Design and execute system-level measurement frameworks for foundational model improvements spanning offline evaluation benchmarks, online A/B experiments, and longitudinal impact tracking across surfaces.
Define, and own the success metrics that quantify foundational model value.
Build causal inference methodologies to isolate the incremental impact of individual model components within a complex, multi-model production system where changes co-occur and interact.
Work cross-functionally to build relationships, proactively communicate key findings, and collaborate closely with ML Engineers, Applied Scientists, Homefeed and Surface teams to ensure measurement rigor is embedded in every model launch.
Relentlessly focus on impact, whether through sharpening investment decisions with data, raising the bar for launch criteria, accelerating experimentation velocity, or surfacing hidden inefficiencies in the model ecosystem.
Requirements
5+ years of experience analyzing data in a fast-paced, data-driven environment with proven ability to apply scientific methods to solve real-world problems on web-scale data.
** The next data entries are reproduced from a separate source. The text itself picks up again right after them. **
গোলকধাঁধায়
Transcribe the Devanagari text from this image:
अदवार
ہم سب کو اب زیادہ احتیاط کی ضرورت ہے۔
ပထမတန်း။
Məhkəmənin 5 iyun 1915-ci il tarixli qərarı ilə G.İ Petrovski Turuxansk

Strong interest and hands-on experience in one or more of: ML system evaluation, recommender system measurement, A/B experimentation at scale, causal inference
Deep familiarity with large-scale recommendation or ranking systems and their evaluation including an understanding of how representation learning, retrieval, ranking, and re-ranking stages interact and compound in production.
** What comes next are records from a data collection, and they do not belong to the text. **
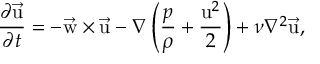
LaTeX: { \frac { \partial \vec { \mathrm { u } } } { \partial t } } = - \vec { \mathrm { w } } \times \vec { \mathrm { u } } - \nabla \left( { \frac { p } { \rho } } + { \frac { \mathrm { u } ^ { 2 } } { 2 } } \right) + \nu \nabla ^ { 2 } \vec { \mathrm { u } } ,
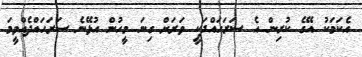
އެކަމަކު އޭގެ ކުރިން އެ ސަރަހައްދަކީ ވަރަށް ގިނަ މީހުން އުޅޭނެ ސަރަހައްދެއްވީމަ
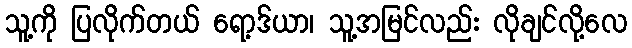
သူ့ကို ပြလိုက်တယ် ရော့ဒ်ယာ၊ သူ့အမြင်လည်း လိုချင်လို့လေ
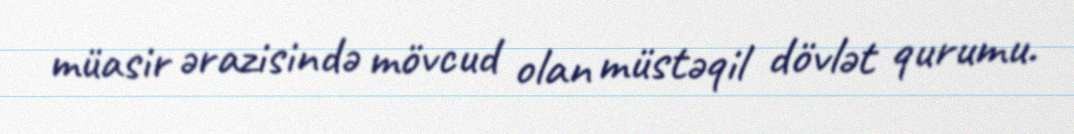
müasir ərazisində mövcud olan müstəqil dövlət qurumu.
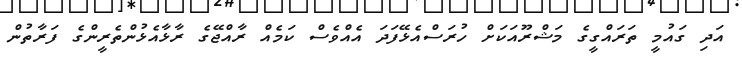
އަދި ގައުމީ ތަރައްގީގެ މަޝްރޫއަކަށް ހުރަސްއެޅޭފަދަ އެއްވެސް ކަމެއް ރާއްޖޭގެ ރާޅާއެޅުންތެރީންގެ ފަރާތުން

Experience designing and executing A/B experiments for complex ML systems, including multi-surface holdouts, metric decomposition, long-run effect estimation, and interference/spillover mitigation.
Strong quantitative programming (Python) and data manipulation skills (SQL/Spark); experience with ML pipelines, feature stores, and large-scale experimentation platforms.
Ability to work independently, drive ambiguous projects end-to-end, and operate with high ownership in a fast-moving research-to-production environment.
Excellent written and verbal communication skills, with the ability to translate complex system-level findings into clear narratives for technical and non-technical partners including leadership-level investment recommendations.
A team player eager to partner across teams to turn measurement insights into better models and faster launches.